Kiernan's proposed 11th-century origin of the poem did not go unchallenged, but even critics such as Joseph Trahern who didn't accept this proposition praised Beowulf and the Beowulf Manuscript as "an impressive and valuable book that provides a wealth of paleographic and codicological information, [which] corrects a good deal of earlier scholarship, and clarifies a number of questions concerning the manuscript through a new and first-hand description of it". Reviewing Kiernan's monograph together with The Dating of Beowulf (a collection of essays including one by Kiernan, edited by Colin Chase, 1981), Trahern concluded that the two books narrowed the dating for Beowulf and pushed it closer to the actual production of the manuscript.

A further critique of accepted scholarship on the manuscript came with The Thorkelin Transcripts of Beowulf in 1986, which challenged the traditional account of the transcriptions made for and by Grímur Jónsson Thorkelin, an Icelandic-Danish scholar who was the first to transcribe the manuscript in the British Museum.
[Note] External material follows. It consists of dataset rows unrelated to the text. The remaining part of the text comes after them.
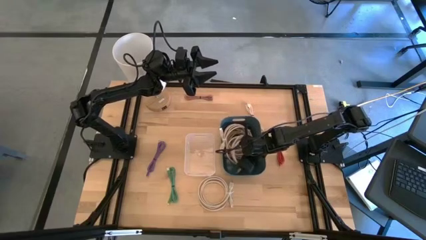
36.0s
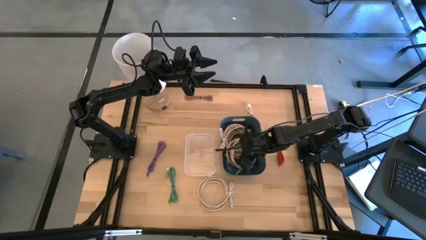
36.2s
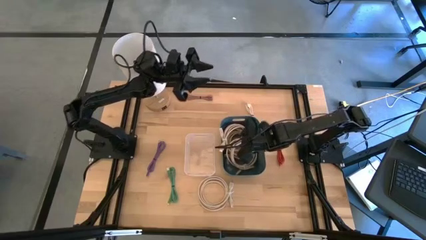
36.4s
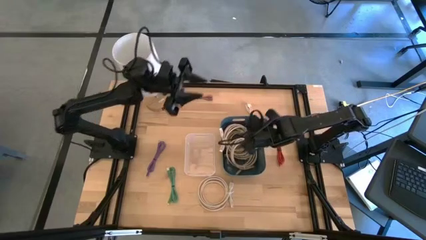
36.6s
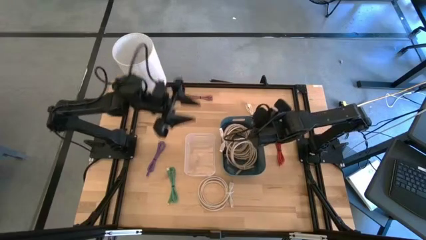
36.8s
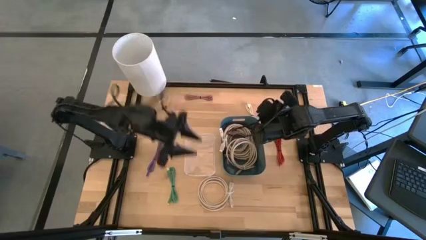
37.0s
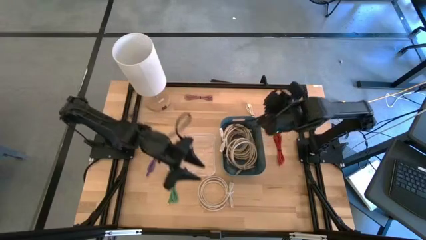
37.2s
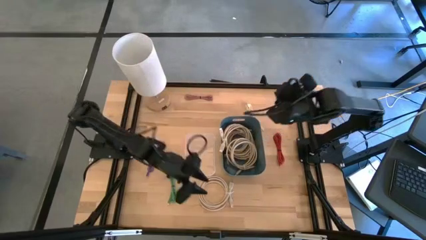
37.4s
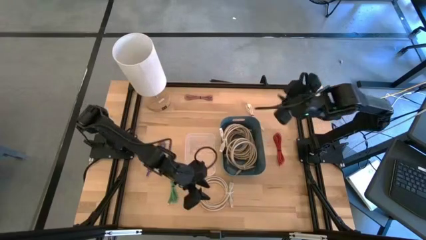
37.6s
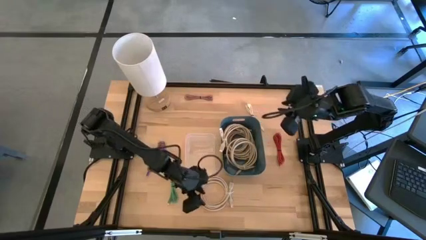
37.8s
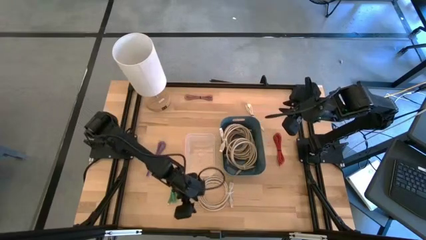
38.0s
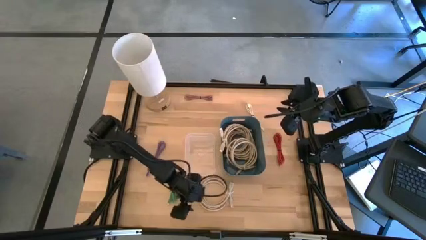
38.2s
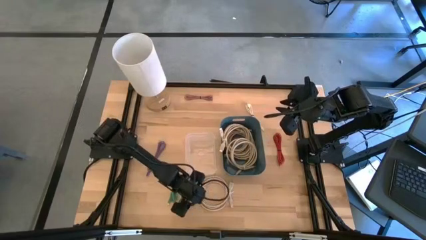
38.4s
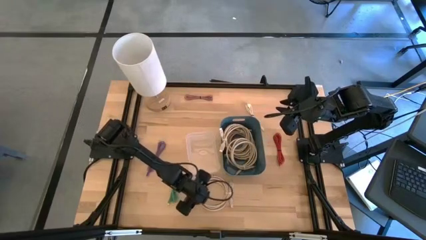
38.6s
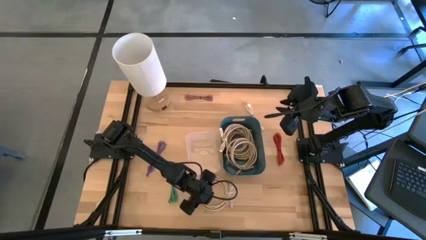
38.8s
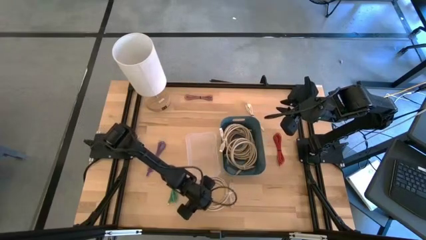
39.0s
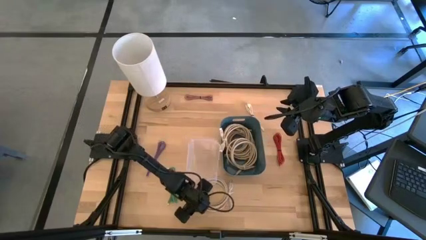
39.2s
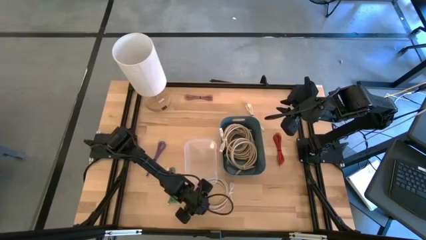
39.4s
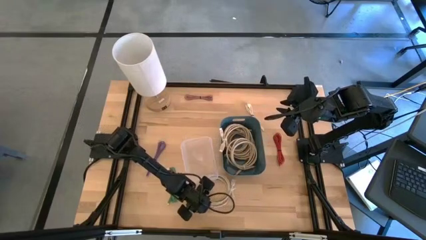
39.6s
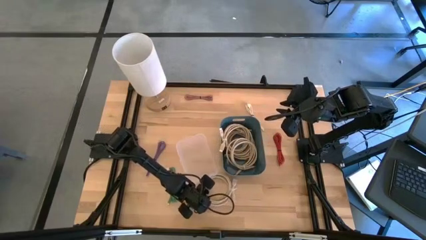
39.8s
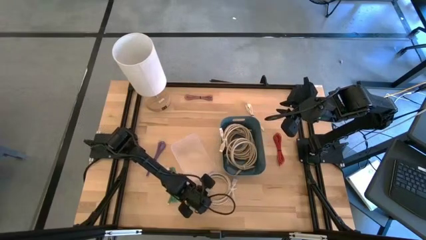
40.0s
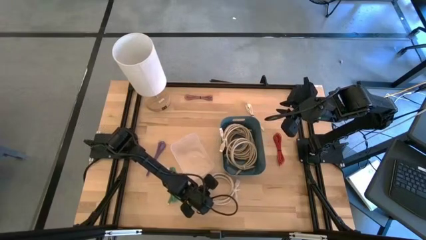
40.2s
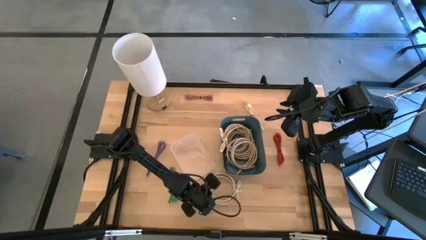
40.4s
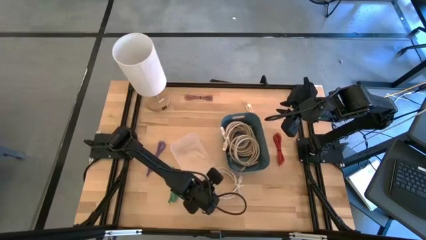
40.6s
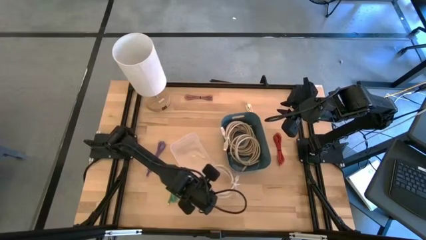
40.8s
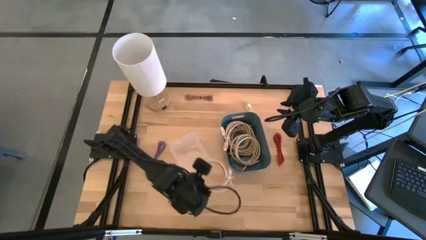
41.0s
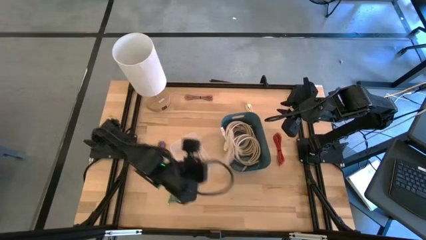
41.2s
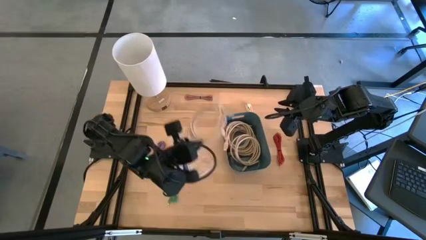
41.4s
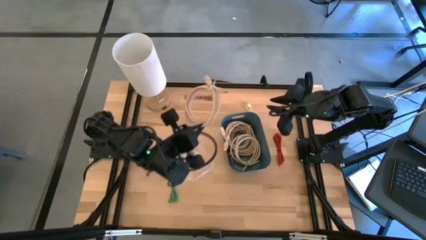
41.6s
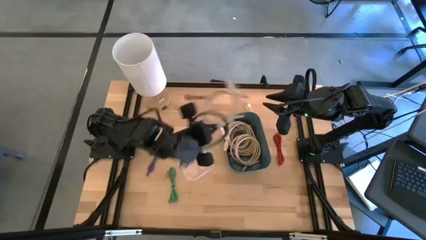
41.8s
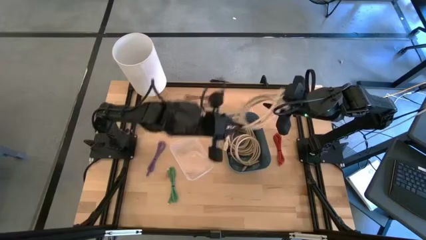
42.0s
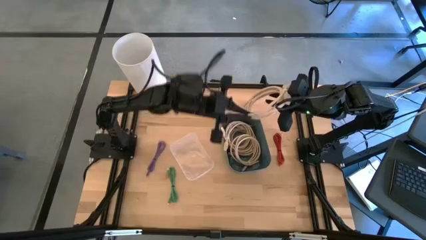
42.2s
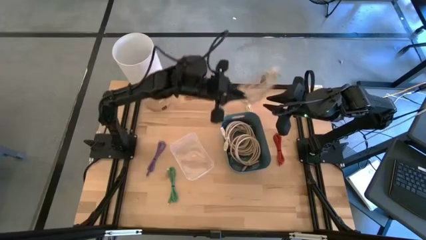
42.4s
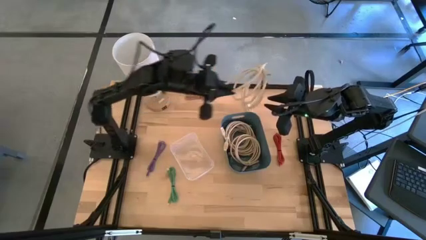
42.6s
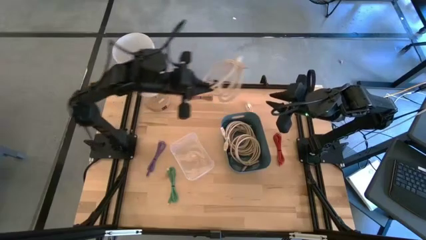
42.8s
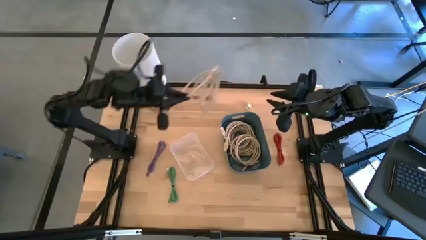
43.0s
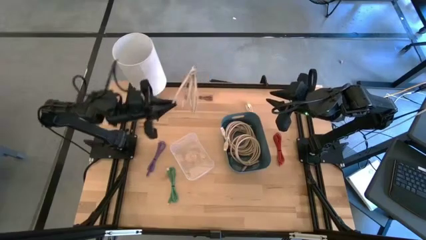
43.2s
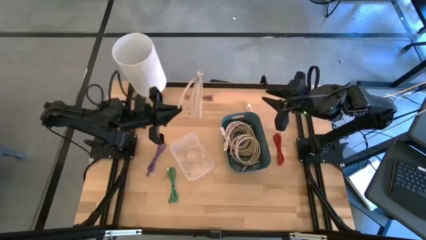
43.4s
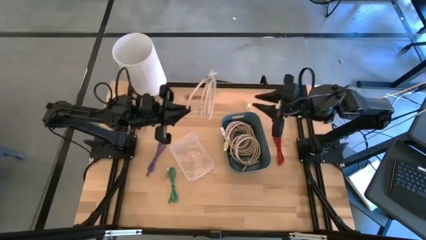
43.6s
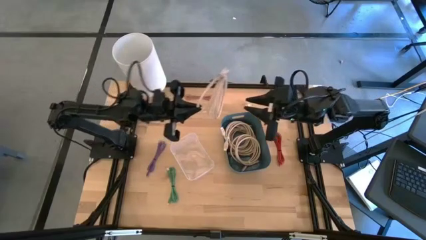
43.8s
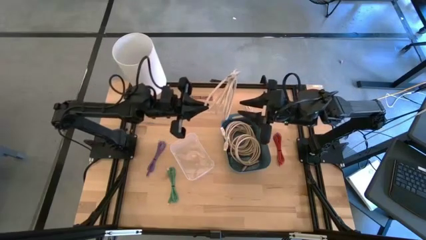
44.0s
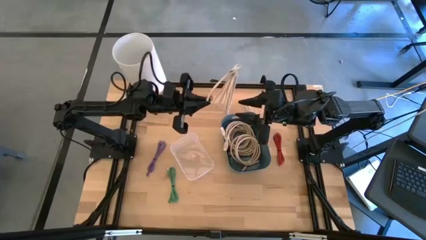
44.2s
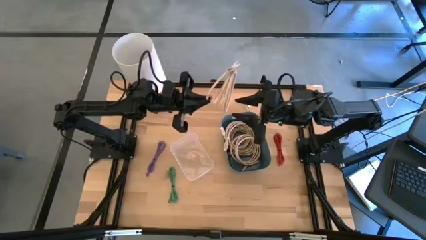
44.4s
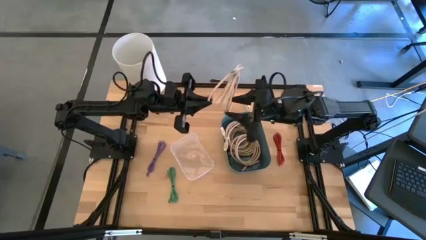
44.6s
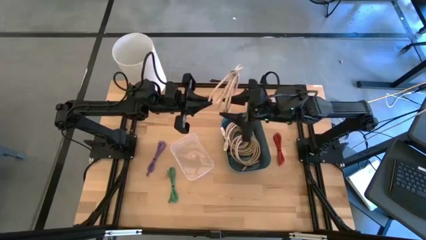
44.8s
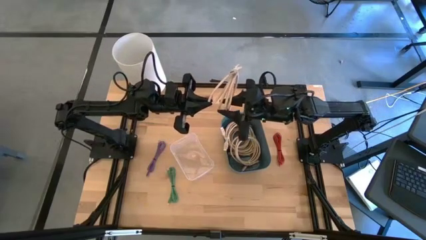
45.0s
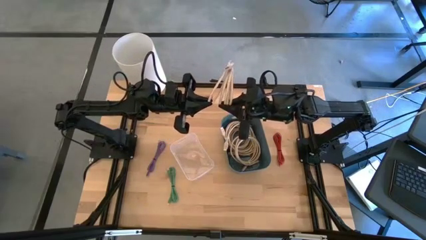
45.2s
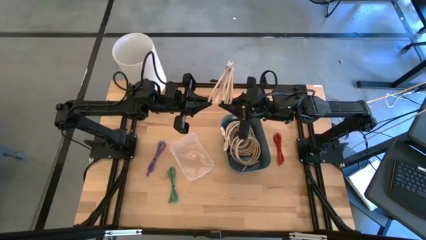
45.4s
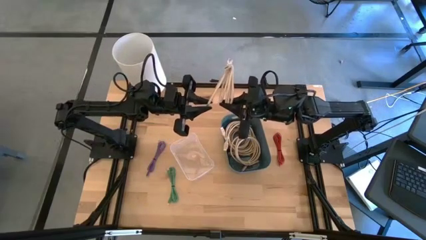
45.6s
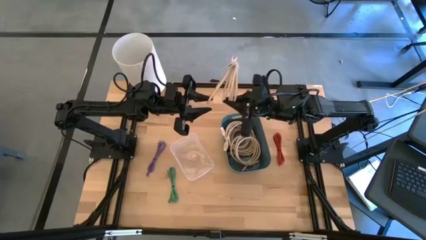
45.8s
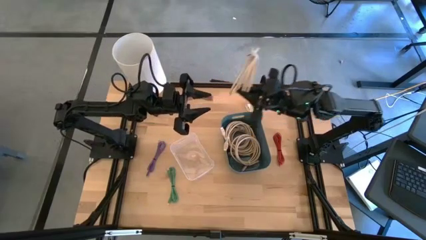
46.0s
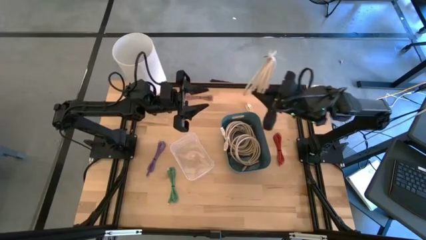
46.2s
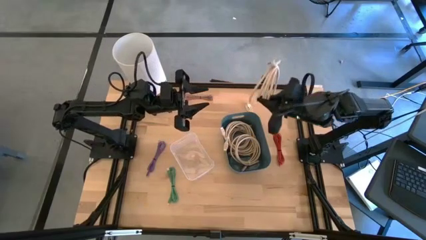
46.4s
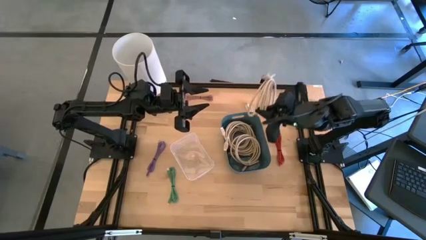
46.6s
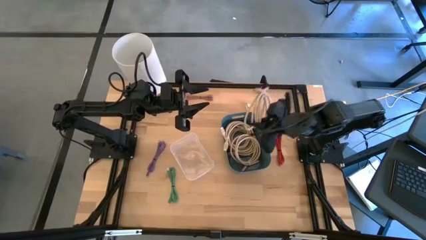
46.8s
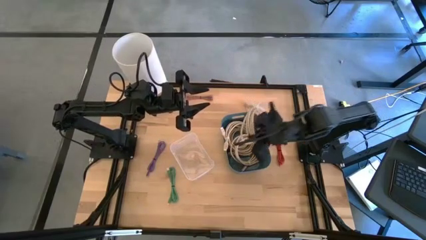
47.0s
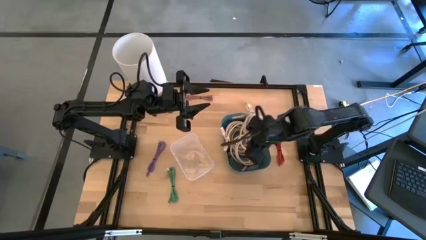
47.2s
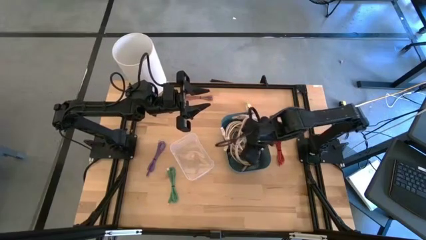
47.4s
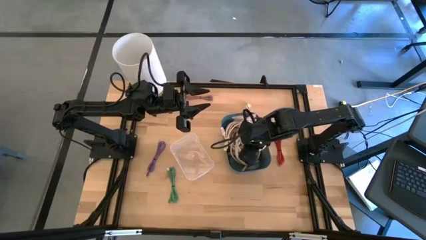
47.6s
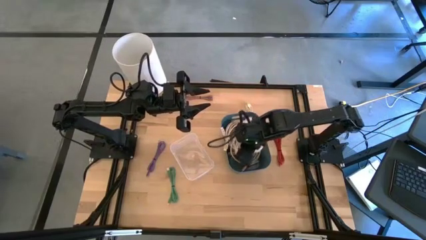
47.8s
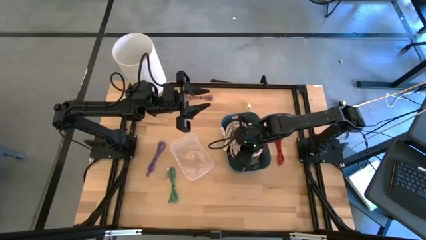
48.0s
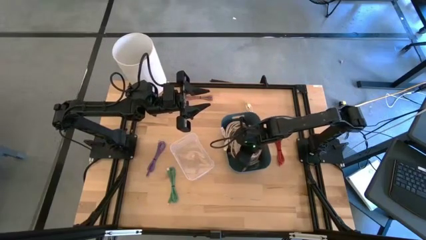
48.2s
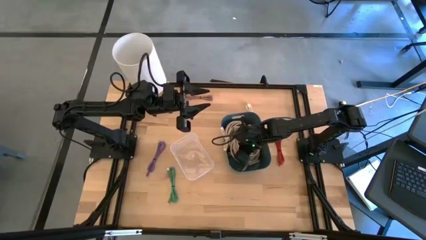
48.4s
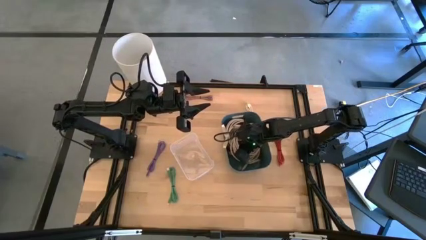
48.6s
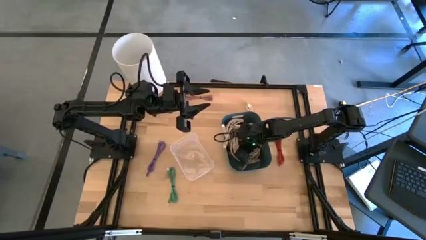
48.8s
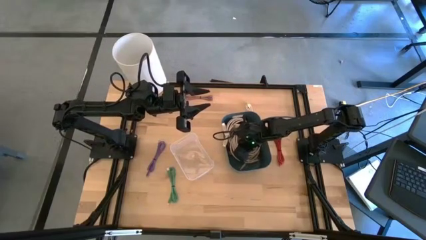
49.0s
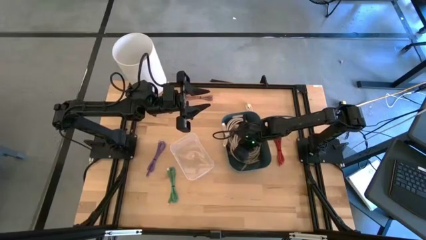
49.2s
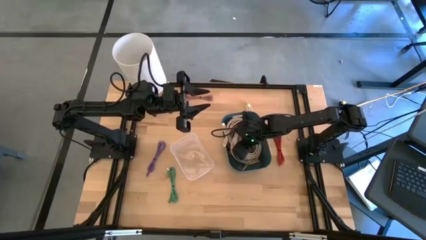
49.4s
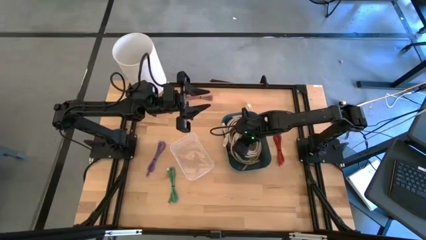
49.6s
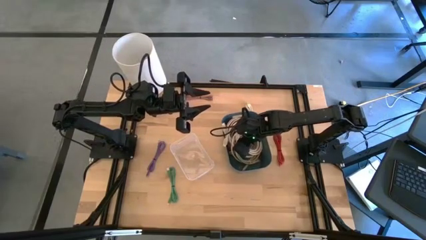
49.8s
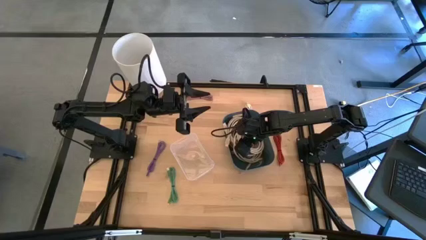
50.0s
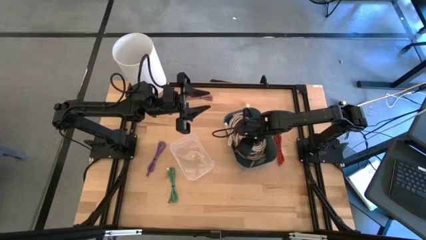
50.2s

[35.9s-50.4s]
Put the light brown HDMI cable into the blue bin

The received history had been Kemp Malone's, who had criticized the first of these two transcriptions, made by a clerk of the museum in 1787; according to Malone, that clerk (James Matthews, identified by Kiernan) had made many errors. Kiernan, however, after extensive research in the Danish National Archives in Copenhagen, argued that Matthews's lack of knowledge of Old English in fact was a bonus: since he came to the manuscript without prejudice, he copied what he saw, and any errors he made were systematic misreadings. Thorkelin, however, had a knack of attempting to read (that is, interpret) what he saw, thereby silently amending what he considered to be faulty readings. Thorkelin A (as Matthews's version is now called) is therefore much more reliable than Thorkelin B, and in addition comparison between A and B indicates the ongoing deterioration of the manuscript, whose edges had been charred during the 1731 fire at the Cotton library, then in the Ashburnham House. Tom Shippey, in a review of Kiernan's book, called it "an essential tool, now, for the study of the poem".
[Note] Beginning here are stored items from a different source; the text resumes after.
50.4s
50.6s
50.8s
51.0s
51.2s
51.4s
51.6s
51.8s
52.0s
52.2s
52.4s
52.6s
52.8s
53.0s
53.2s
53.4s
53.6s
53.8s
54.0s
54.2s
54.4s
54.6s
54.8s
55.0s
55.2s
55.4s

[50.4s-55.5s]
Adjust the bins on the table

Since his retirement, Kiernan has lived on St. Simons Island, Georgia. In addition to continuing his work on medieval topics he has published on the archaeology of the Georgia coast, in particular on WPA archaeologist Preston Holder.

==Electronic Beowulf==
Electronic Beowulf is a digital facsimile edition of the poem, and the project was started by Kiernan and Paul Szarmach (of Western Michigan University) as part of the effort of the British Library, which holds the manuscript, of increasing access to its holdings. It uses fiber optics and an electronic camera; the goal of these technologies was to render visible the many letters and parts of letters obscured by the damage done to the manuscript in the 1731 fire. Ultra-violet light is used to verify erasures by scribes.
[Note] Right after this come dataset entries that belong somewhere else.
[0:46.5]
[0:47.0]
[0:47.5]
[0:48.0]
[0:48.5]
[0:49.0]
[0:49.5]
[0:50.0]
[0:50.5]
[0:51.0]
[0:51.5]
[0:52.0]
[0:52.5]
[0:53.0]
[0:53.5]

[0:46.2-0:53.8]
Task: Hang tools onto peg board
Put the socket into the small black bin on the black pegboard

Kiernan edited the electronic edition, published by the British Library and available on CD-ROM since the second and third editions (2011); the first was published in 1999 as a free download. It contains high-definition images and a hypertext dictionary, as well as four early transcriptions and a modern one, plus an edition of the text; the early transcriptions are the two made for and by Thorkelin (late 1780s), John Josias Conybeare (1817), and Frederic Madden (1824). Comparison between the transcriptions shows the ongoing deterioration of the charred and brittle edges of the manuscript. A reviewer of the third edition for the Digital Medievalist noted that while "this new update offers Old English researchers and students a wealth of resources—and beautiful new high-resolution images", its interface, using HTML and JavaScript code and Java applets is "rather dated", a critique already offered for the second edition by William Kilbride of the University of York. Nonetheless, Kilbride noted, "the effort to achieve this has been phenomenal, but the result is truly staggering. Beowulf scholars and students of Old English now have unimaginable riches at their fingertips".

==Education==
Kiernan received his bachelor's in English from Fairfield University in 1967 and both his master's and doctorate in medieval studies from Case Western Reserve University in 1970.